[[ Data for this exercise open ]]

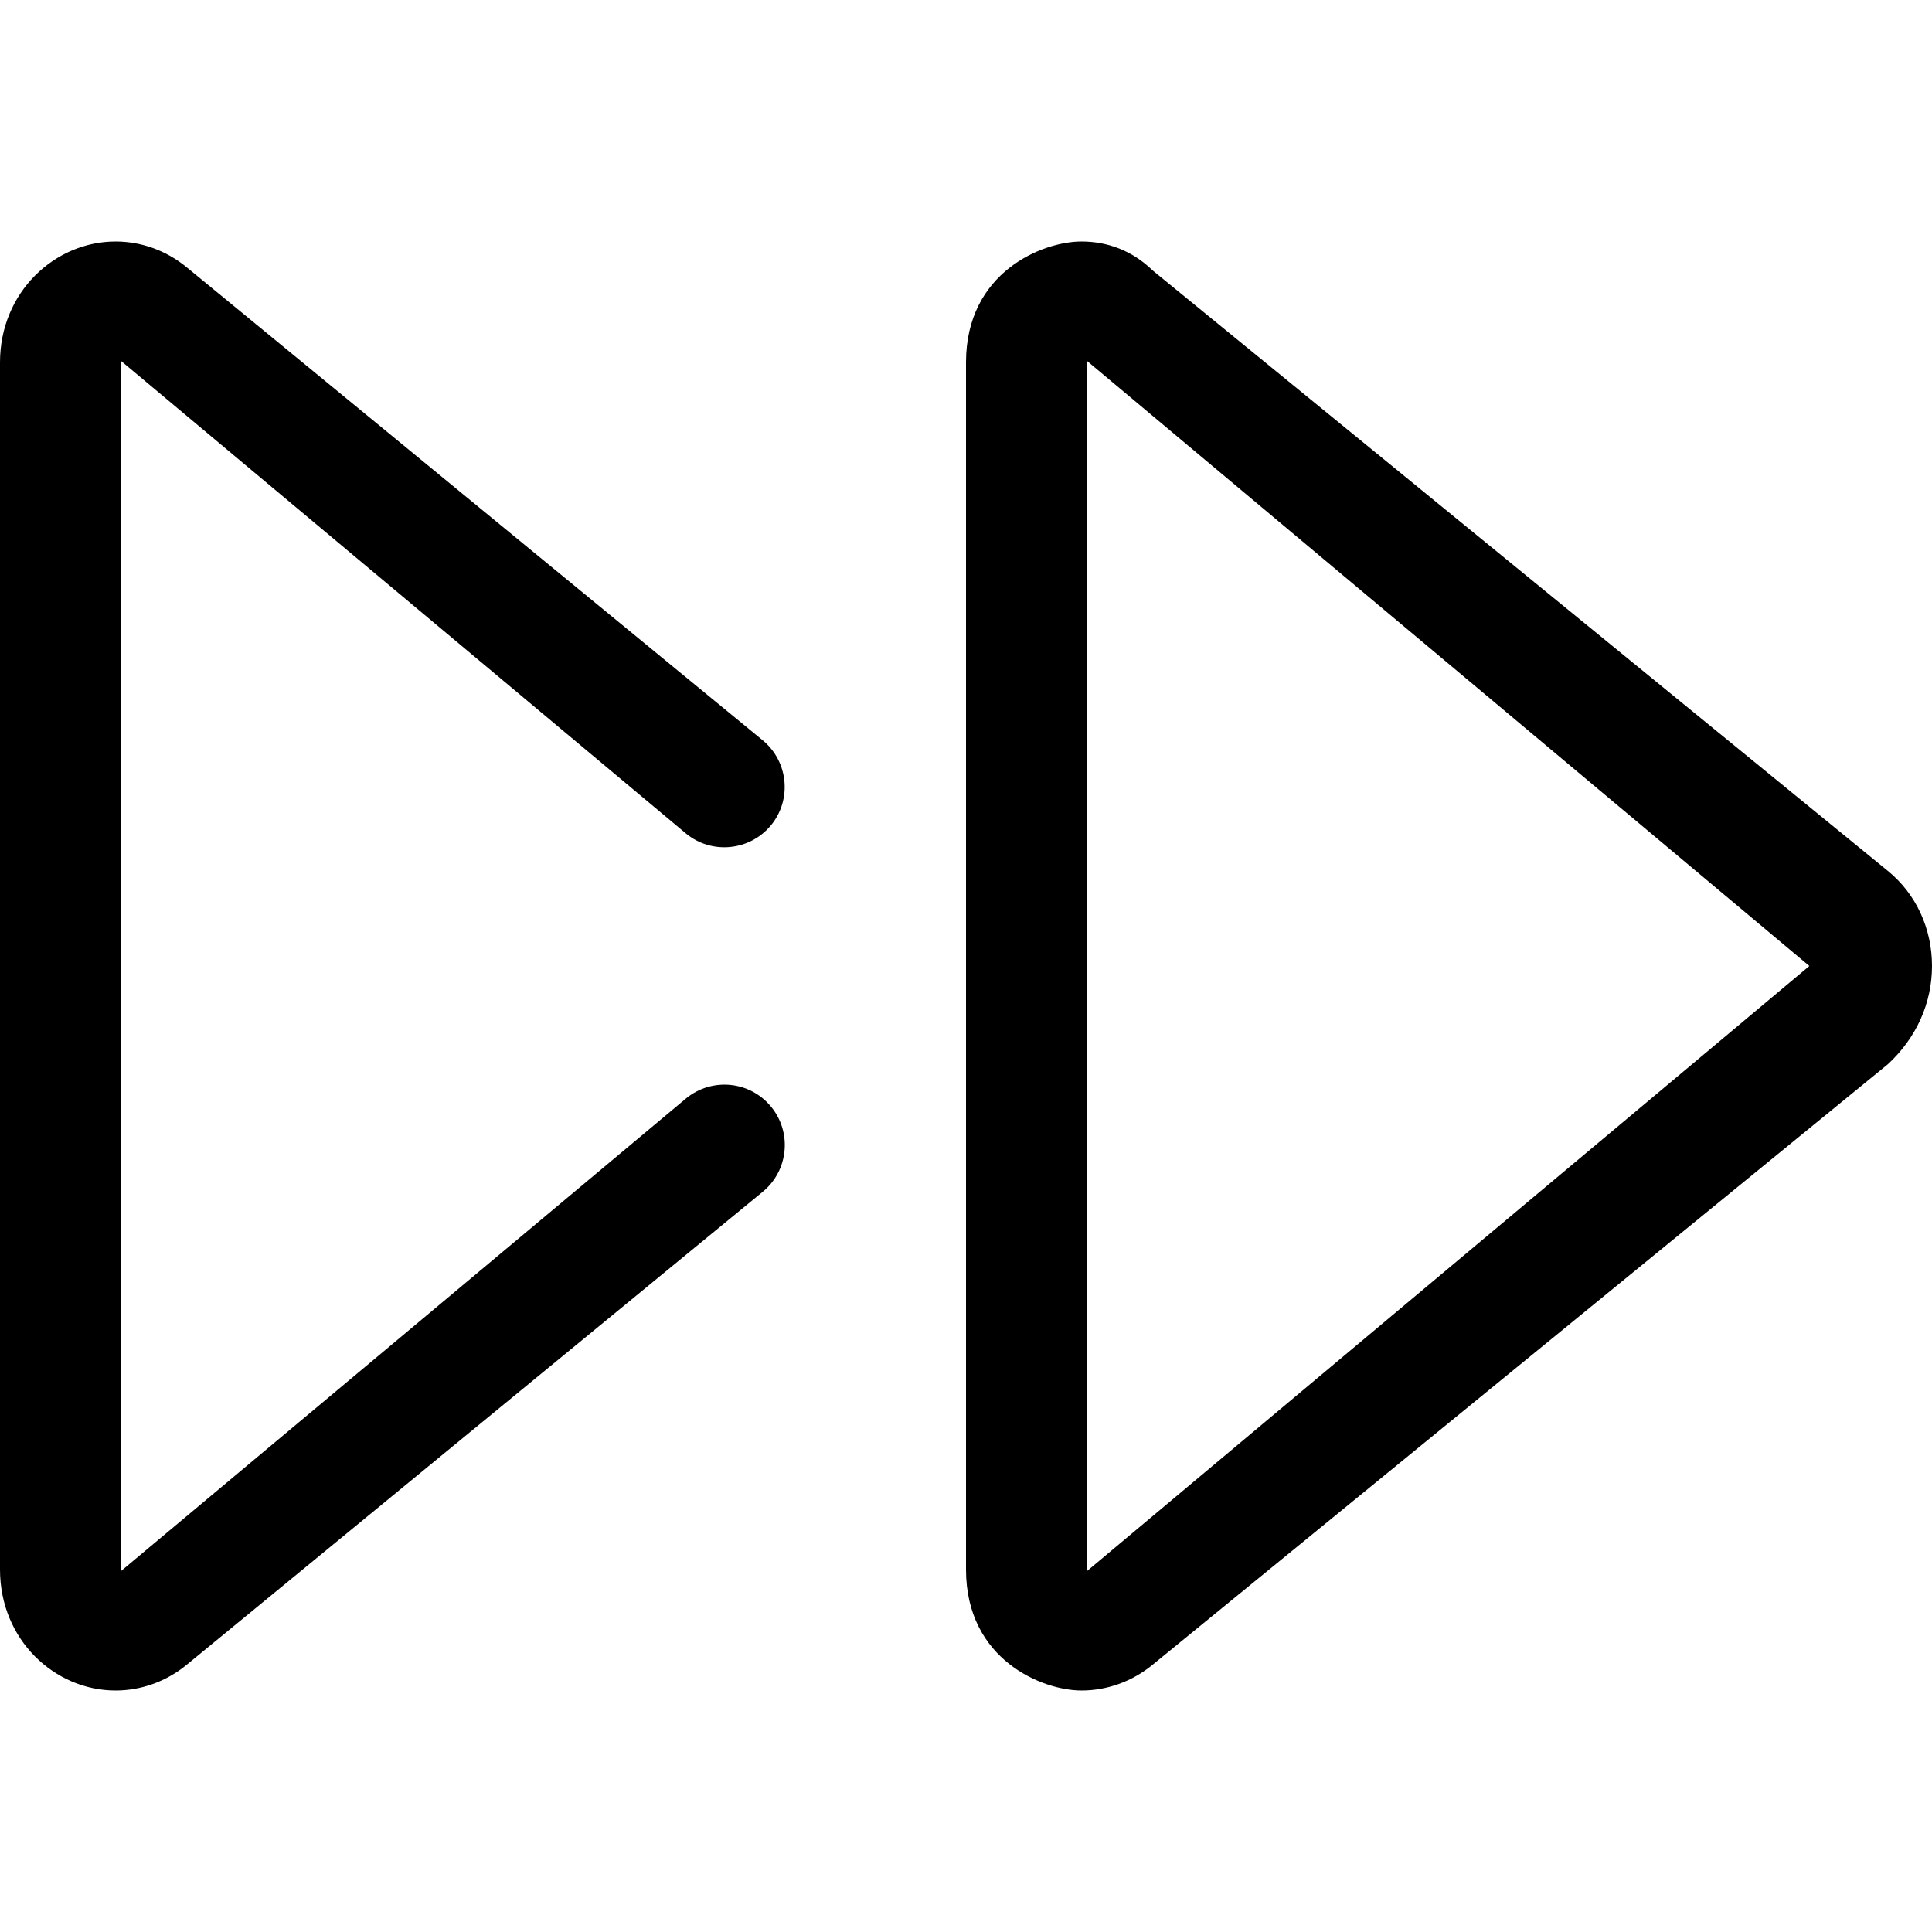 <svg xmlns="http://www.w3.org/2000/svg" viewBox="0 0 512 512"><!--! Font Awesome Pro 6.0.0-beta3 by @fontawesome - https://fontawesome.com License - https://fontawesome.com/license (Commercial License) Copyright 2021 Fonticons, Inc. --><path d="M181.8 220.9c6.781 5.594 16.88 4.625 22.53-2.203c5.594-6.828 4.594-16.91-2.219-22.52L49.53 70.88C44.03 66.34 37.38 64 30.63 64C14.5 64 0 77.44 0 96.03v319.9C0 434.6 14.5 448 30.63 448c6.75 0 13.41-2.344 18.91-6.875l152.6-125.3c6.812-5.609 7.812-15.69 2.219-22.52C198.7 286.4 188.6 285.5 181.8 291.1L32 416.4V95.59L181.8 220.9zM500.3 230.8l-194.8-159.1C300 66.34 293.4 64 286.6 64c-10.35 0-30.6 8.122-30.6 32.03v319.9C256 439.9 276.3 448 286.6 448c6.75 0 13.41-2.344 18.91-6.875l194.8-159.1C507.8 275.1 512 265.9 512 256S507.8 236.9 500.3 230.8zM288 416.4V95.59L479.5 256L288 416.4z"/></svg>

[[ Data for this exercise closed ]]
[[ Data for this exercise open ]]

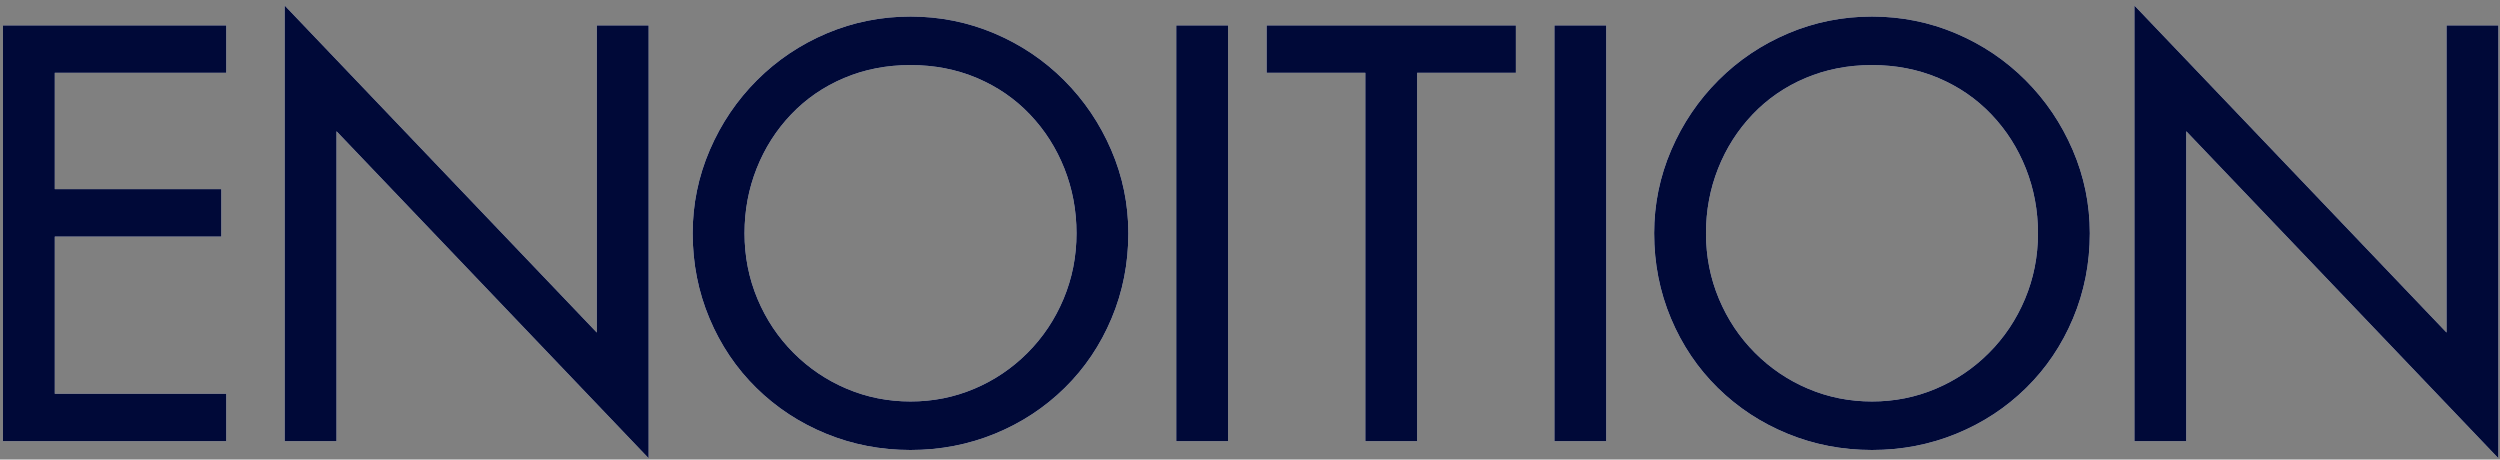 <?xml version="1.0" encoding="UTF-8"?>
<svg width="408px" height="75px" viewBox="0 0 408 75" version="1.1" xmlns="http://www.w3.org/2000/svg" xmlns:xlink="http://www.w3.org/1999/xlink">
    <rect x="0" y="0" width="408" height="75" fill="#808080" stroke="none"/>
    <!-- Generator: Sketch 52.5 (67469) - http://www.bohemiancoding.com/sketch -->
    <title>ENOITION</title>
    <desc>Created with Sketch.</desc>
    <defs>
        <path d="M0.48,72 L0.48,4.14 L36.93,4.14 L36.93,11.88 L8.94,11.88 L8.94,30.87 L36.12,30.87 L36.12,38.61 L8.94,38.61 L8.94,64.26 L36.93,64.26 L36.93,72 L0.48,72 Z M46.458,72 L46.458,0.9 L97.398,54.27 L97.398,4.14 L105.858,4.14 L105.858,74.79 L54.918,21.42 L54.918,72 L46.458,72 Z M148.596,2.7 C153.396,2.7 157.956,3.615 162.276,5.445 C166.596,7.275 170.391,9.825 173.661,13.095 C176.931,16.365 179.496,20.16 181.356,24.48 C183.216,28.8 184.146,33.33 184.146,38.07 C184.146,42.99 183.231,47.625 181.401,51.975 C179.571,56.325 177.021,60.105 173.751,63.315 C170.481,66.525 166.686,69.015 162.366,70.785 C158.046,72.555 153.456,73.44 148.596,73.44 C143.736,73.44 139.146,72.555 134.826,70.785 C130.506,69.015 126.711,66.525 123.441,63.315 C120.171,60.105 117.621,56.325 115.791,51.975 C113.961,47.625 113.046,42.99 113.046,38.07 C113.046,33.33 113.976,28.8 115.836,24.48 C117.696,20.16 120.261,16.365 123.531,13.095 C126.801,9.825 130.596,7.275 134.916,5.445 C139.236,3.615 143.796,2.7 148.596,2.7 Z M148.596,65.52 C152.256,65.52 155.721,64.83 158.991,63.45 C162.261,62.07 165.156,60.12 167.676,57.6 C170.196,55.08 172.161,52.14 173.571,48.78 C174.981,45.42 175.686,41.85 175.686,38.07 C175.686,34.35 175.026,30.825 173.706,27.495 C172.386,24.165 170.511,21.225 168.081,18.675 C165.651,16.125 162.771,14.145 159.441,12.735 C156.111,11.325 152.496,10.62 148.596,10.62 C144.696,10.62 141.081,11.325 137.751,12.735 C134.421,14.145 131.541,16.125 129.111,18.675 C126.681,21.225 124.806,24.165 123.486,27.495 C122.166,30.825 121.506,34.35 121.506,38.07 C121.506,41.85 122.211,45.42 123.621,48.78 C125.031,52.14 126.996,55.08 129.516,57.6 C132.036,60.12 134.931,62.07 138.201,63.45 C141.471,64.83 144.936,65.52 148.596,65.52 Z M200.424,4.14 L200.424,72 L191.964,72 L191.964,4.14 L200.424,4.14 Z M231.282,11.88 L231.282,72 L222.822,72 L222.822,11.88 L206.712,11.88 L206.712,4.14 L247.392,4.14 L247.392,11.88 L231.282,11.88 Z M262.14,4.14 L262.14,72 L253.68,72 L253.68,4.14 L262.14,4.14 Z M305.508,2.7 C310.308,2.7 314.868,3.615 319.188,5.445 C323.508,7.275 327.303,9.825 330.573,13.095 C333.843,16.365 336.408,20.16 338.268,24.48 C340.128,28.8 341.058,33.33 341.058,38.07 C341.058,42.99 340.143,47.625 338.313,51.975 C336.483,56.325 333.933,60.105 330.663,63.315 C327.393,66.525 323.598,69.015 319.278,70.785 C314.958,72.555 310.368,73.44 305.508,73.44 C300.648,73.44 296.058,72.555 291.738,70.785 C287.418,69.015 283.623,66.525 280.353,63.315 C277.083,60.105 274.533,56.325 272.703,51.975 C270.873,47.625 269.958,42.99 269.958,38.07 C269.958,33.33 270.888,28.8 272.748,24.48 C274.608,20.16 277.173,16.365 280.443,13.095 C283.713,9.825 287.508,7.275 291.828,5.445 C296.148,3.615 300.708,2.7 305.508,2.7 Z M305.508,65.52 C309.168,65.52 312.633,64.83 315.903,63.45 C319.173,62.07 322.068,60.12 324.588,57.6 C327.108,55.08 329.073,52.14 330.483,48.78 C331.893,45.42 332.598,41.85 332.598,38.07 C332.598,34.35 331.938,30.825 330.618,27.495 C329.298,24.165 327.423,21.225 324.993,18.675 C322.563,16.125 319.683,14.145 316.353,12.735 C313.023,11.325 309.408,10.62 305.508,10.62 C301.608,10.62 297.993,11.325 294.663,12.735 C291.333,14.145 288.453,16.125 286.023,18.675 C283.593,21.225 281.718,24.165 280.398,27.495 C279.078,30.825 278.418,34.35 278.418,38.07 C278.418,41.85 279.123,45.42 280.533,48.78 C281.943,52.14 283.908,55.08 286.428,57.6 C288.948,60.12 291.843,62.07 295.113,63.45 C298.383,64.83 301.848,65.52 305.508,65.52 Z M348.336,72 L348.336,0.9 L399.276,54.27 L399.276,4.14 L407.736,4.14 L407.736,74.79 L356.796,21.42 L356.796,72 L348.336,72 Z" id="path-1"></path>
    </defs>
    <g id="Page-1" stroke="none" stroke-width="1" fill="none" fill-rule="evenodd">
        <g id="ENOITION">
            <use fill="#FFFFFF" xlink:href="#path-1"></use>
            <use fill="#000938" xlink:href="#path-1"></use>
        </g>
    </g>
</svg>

[[ Data for this exercise closed ]]

◆ **What is being asked**
Every line containing the string "height" should be pulled from the listing and copied.

◆ **Solution to the exercise**
<svg width="408px" height="75px" viewBox="0 0 408 75" version="1.1" xmlns="http://www.w3.org/2000/svg" xmlns:xlink="http://www.w3.org/1999/xlink">
    <rect x="0" y="0" width="408" height="75" fill="#808080" stroke="none"/>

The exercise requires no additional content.